This role is suited to someone who will enjoy a varied role, can work on multiple creative projects at a time, and is willing to work hard in order to achieve great results.
 

gprovan

Member
This one is offering £17-22k

The role has a title - “Creative Designer” - but if it’s titles that interest you most, it may not be for you. You’ll be expected to turn your hand to a variety of design projects and create exceptional work, with an emphasis on digital and design for the screen. In other words you’ll be kept busy creating beautiful, involving and intriguing work on everything from campaign identities, websites, brand guidelines, motion graphic videos and engaging adverts.

Being our creative designer is a great opportunity for an experienced and currently unfulfilled graphic designer, but you need to be ready to push us, ask questions and even throw the odd tantrum when you’re convinced you’re right. You’ll report straight to the Content Director, working alongside our two senior creative designers and get to work on juicy projects that need serious skills.

What you’ll do:
  • Work on design/creative projects
  • Work solo or in collaboration with creatives to develop visual direction of projects
  • Present work and communicate effectively with the internal team and clients
  • Think digital first - you’ll primarily be focused on design for the web and screen
  • Design and Art direct motion videos
  • Develop key visuals, style frames, mood boards and storyboards
  • Collaborate with other designers, art directors and direct creative third parties
  • Stay on top of best in class international work
  • Share research and knowledge to inspire the wider team
  • Have your voice heard - we want you to bring ideas to the table!
What you’ll bring:
  • 2+ years agency experience as a graphic designer
  • Strong concept development and visualisation skills
  • Ability to work on own initiative and identify opportunity
  • A strong sense of influence and ambition
  • Technical mastery in the Adobe creative suite
  • A strong sense of ownership of work and quality
  • Excellent communication skills
  • Strong ability to work within fixed deadlines
  • Ability to be a team-player with a co-operative, good-humoured attitude
Bonus Skills:
  • Motion/Animation skills - experience in After Effects would be favourable
  • Experience in front end dev packages like Sketch or Figma
  • Elementor page builder experience
  • UI/UX design experience
 

ry0ryryry

New Member
Following on from this. Here's another advert for a 'Creative Services Assistant'
Personally, I think this is a bit much of an ask, especially when it's offering £23-25k.
Yeah, they assume graphic designers can pretty much do everything in the Adobe Creative software for £23-25k. Absolute bonkers
 

oldcelt

New Member
This is something I have talked about for decades. Having gotten into the design business long before PC's, I have seen it go from "wow these computers will speed up my work" to "everyone with word calls themselves a graphic designer". I actually adopted the term "Graphic Design Specialist" for myself in the mid-1990's. I had evolved into pre-press and handled so many files from "Graphic Designers" that thought they had created something that could be printed, only to find out it would take me re-doing the entire job because they really did not know what they were doing. The result over the years has been to de-value the entire process because these people would spend 5 minutes learning Word and then under cut real pros to take design jobs. The bosses that hired them did not know any different and as the years went on it became the norm. Real pros had to start learning other facets of the business just to get a foot in the door for the same low pay.
 

hankscorpio

Moderator
Staff member
Yes, it really sickened me the other day; I was walking by a barber shop and there was an advert for a job opportunity. The sign says if you are a registered barber...

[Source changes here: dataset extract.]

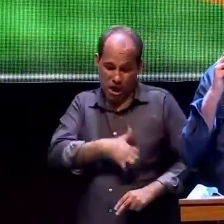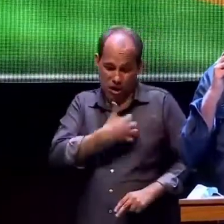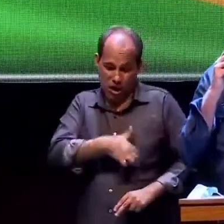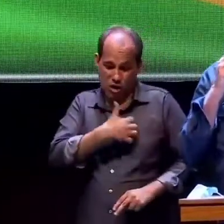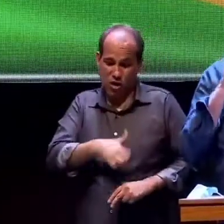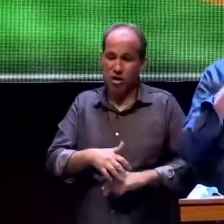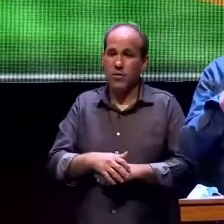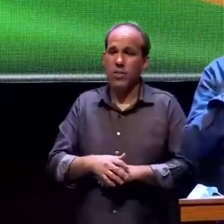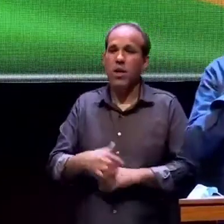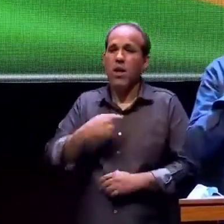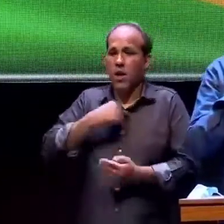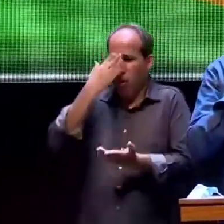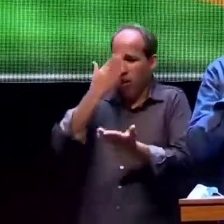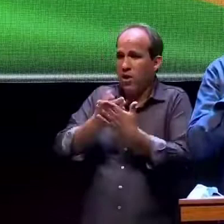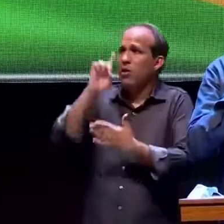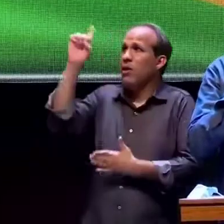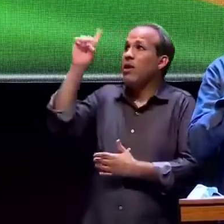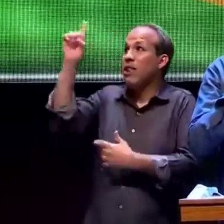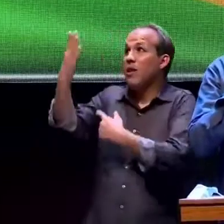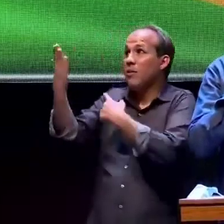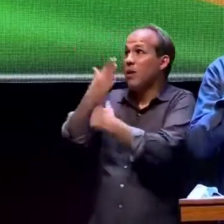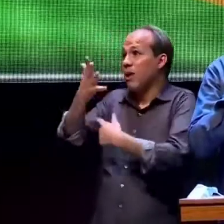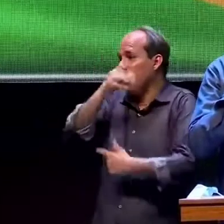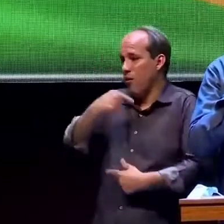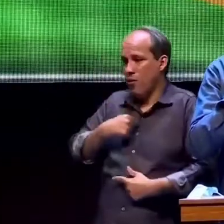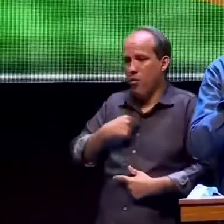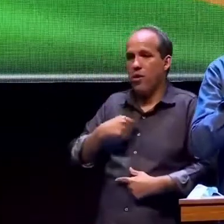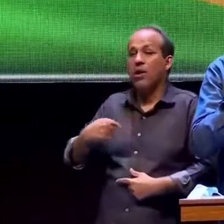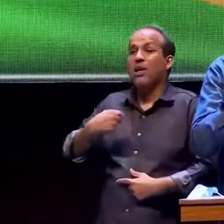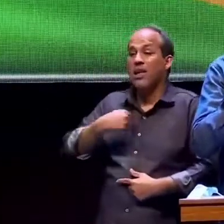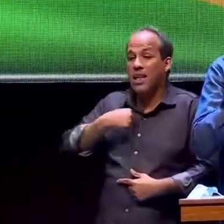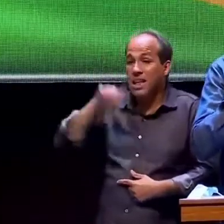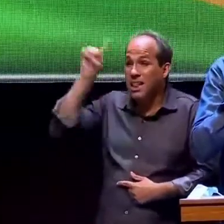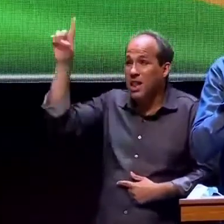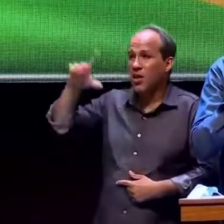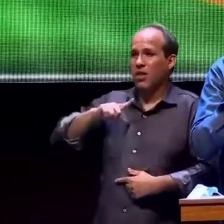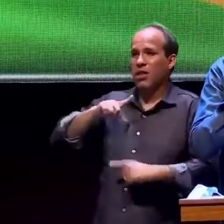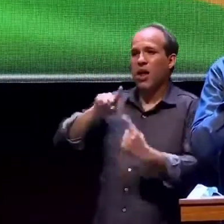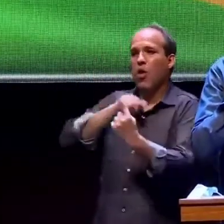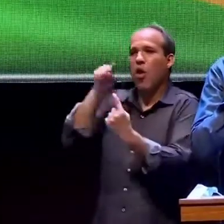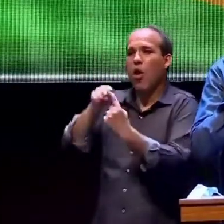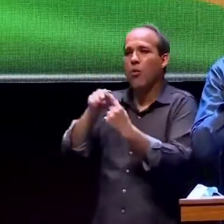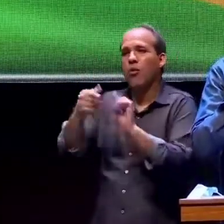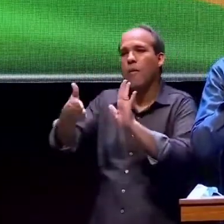em Deus ele nos salvou ele tem um propósito para cada um de nós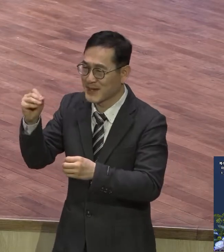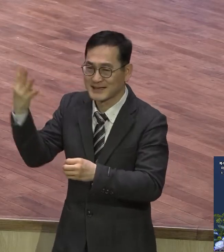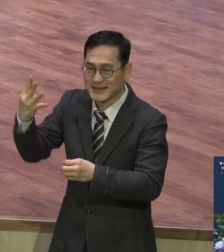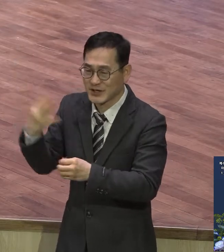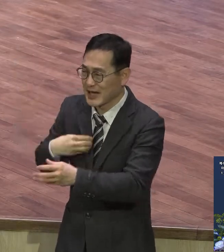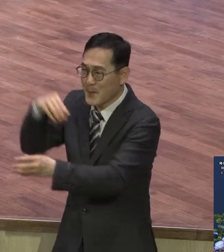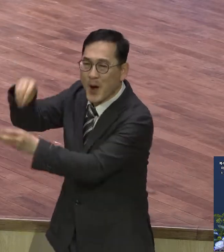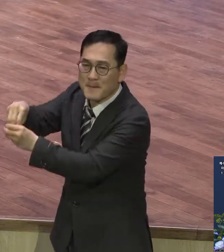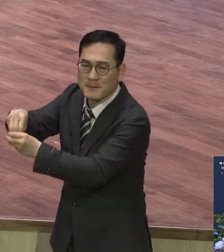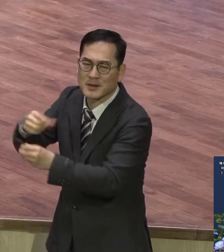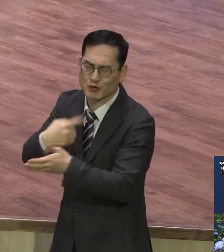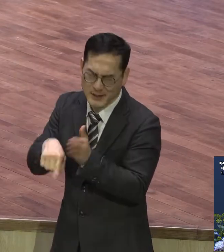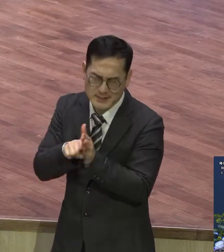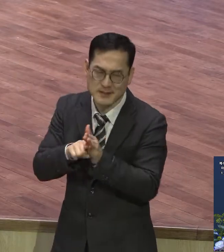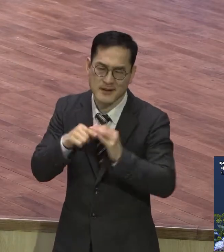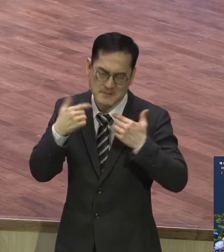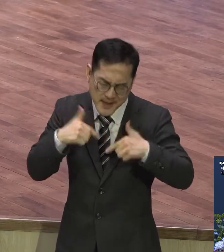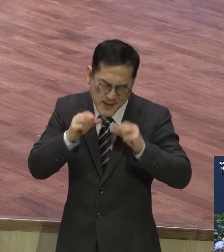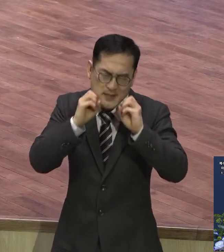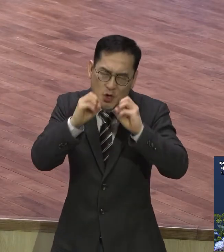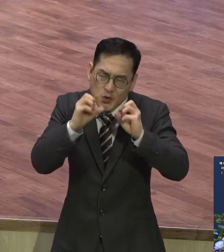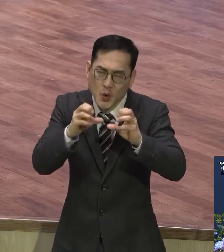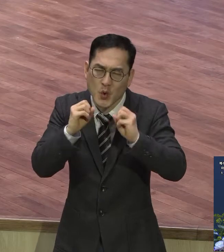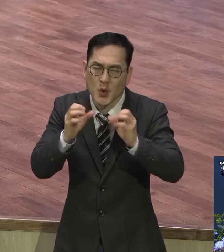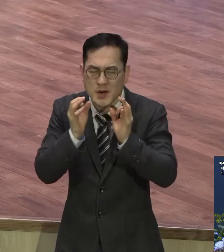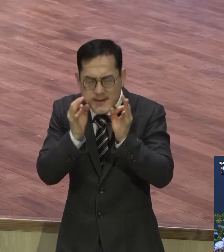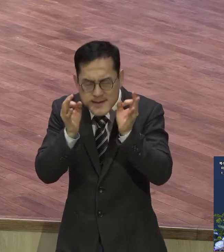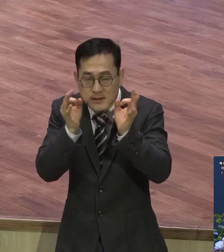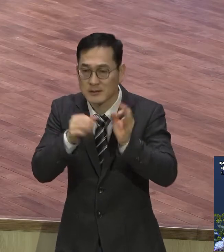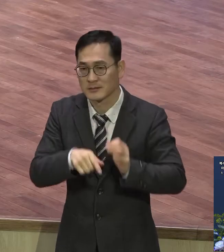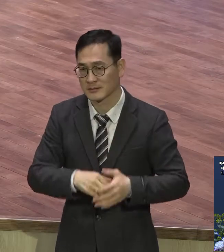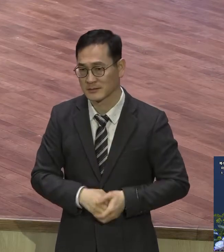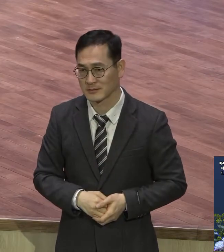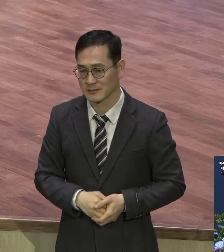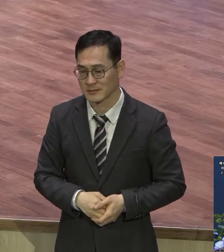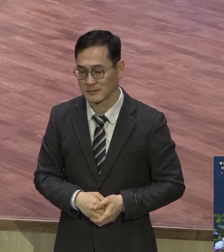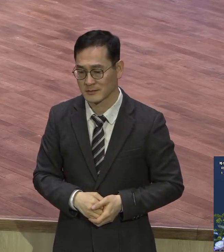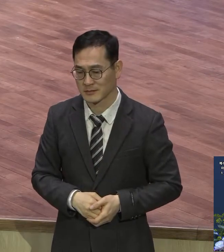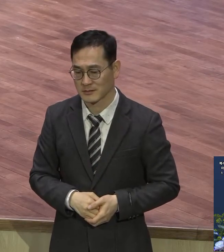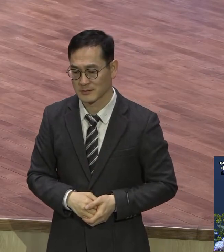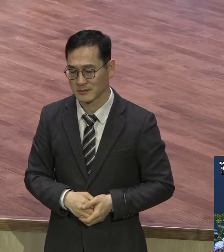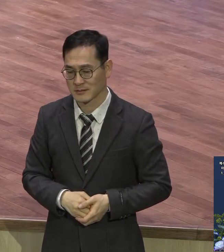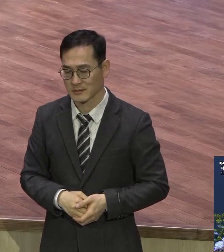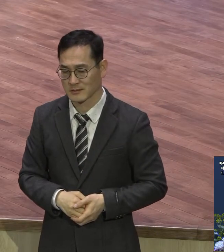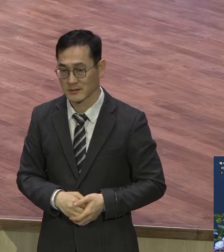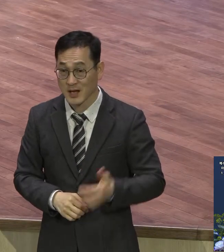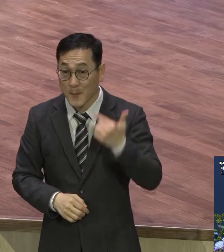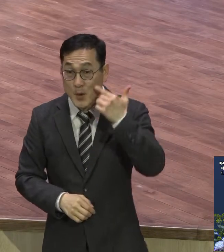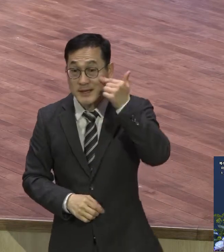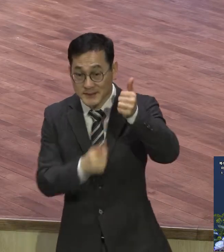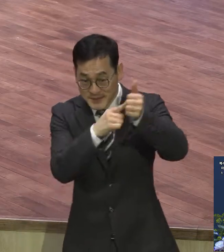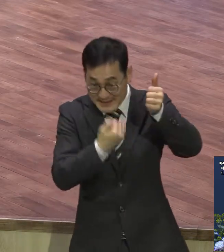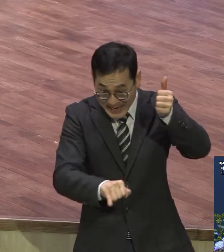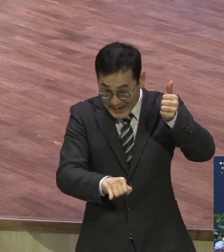하루에 잠을 어차피 유튜브도 하나 보니까 거기 빠져내던 목사 딸이 들어가가지고 대학에 거기서

So you have to register to become a professional hair dresser... But there are no such boundaries for entry in design
 

Levi

Moderator
Staff member
Yes, it really sickened me the other day; I was walking by a barber shop and there was an advert for a job opportunity. The sign says if you are a registered barber...

So you have to register to become a professional hair dresser... But there are no such boundaries for entry in design
To be fair, that 'registered barber' thing is a voluntary thing (last I checked) although the 'council' that registers barbers were trying to push for it to be legal requirement for all barbers/hair dressers to be registered by law (same as doctors etc)... I'm sure there's no financial gain for them at all....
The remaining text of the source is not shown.